Your goal: Omit the pictures, and output the rest of the entries exactly as written.

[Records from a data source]
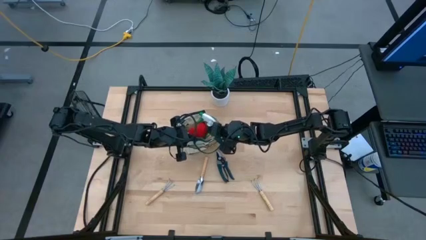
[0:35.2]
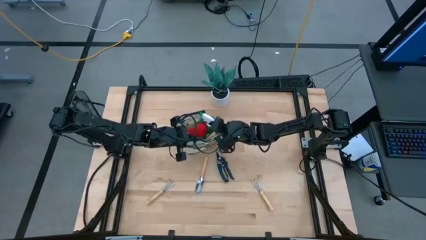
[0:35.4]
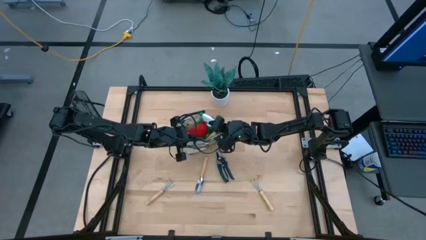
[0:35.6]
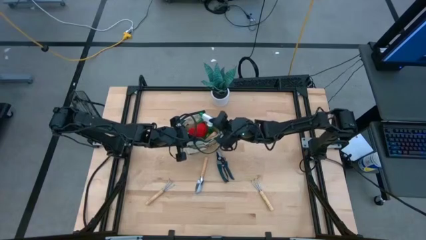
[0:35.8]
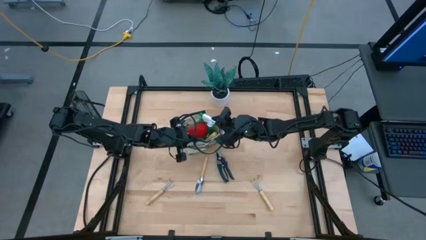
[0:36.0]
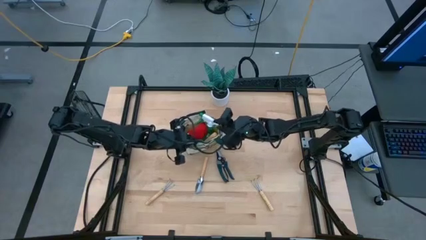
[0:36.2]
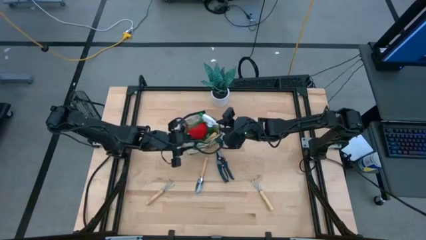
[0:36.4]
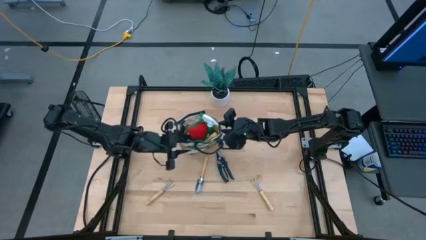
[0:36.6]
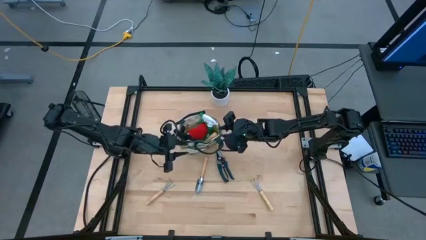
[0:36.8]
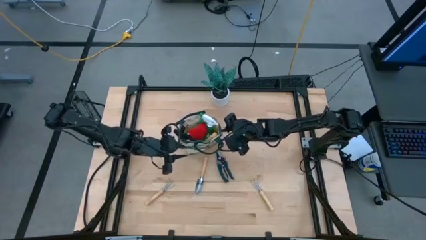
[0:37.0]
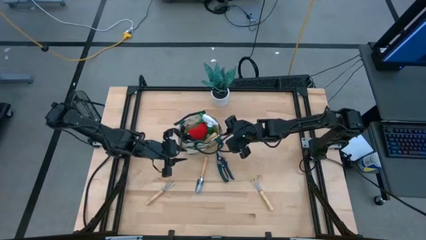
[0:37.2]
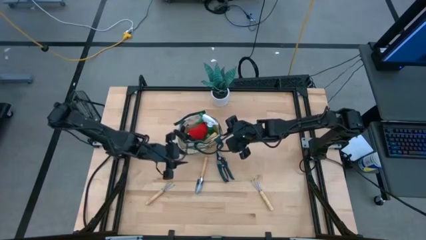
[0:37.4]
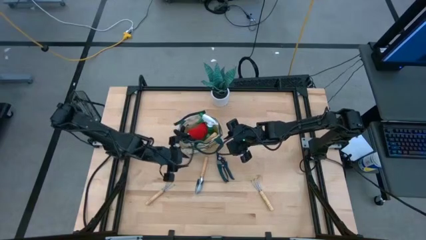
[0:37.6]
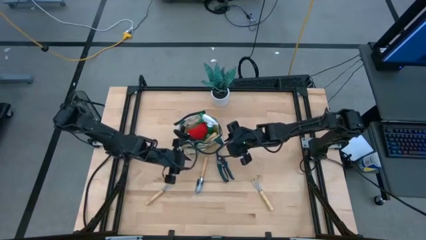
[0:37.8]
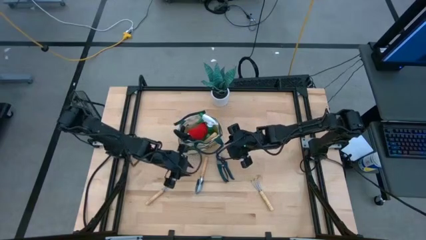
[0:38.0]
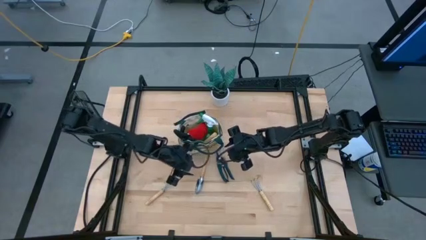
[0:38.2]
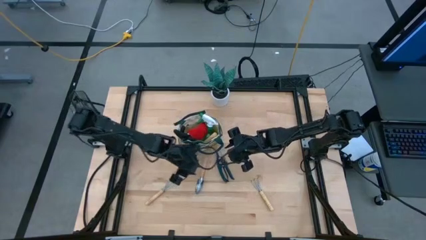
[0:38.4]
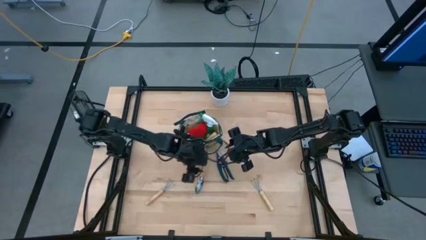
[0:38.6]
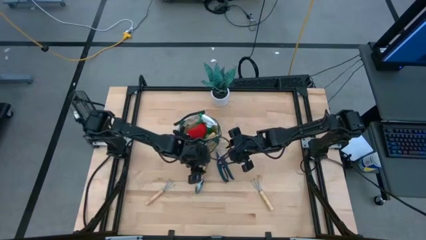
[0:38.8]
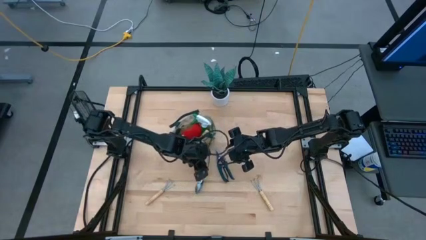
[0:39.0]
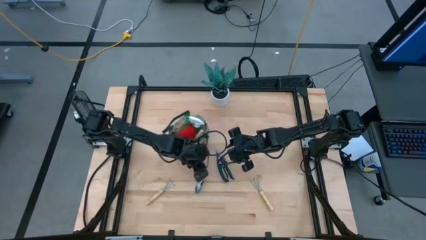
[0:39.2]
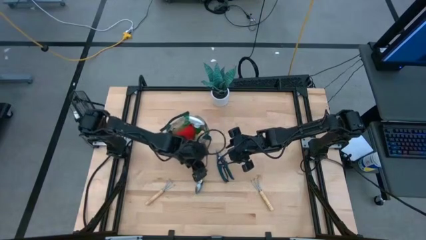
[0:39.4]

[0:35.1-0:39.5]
Task: Pick & Place Garden tools in Gardening bag
Adjust the brown gardening bag

Written solution:
[0:35.2]
[0:35.4]
[0:35.6]
[0:35.8]
[0:36.0]
[0:36.2]
[0:36.4]
[0:36.6]
[0:36.8]
[0:37.0]
[0:37.2]
[0:37.4]
[0:37.6]
[0:37.8]
[0:38.0]
[0:38.2]
[0:38.4]
[0:38.6]
[0:38.8]
[0:39.0]
[0:39.2]
[0:39.4]

[0:35.1-0:39.5]
Task: Pick & Place Garden tools in Gardening bag
Adjust the brown gardening bag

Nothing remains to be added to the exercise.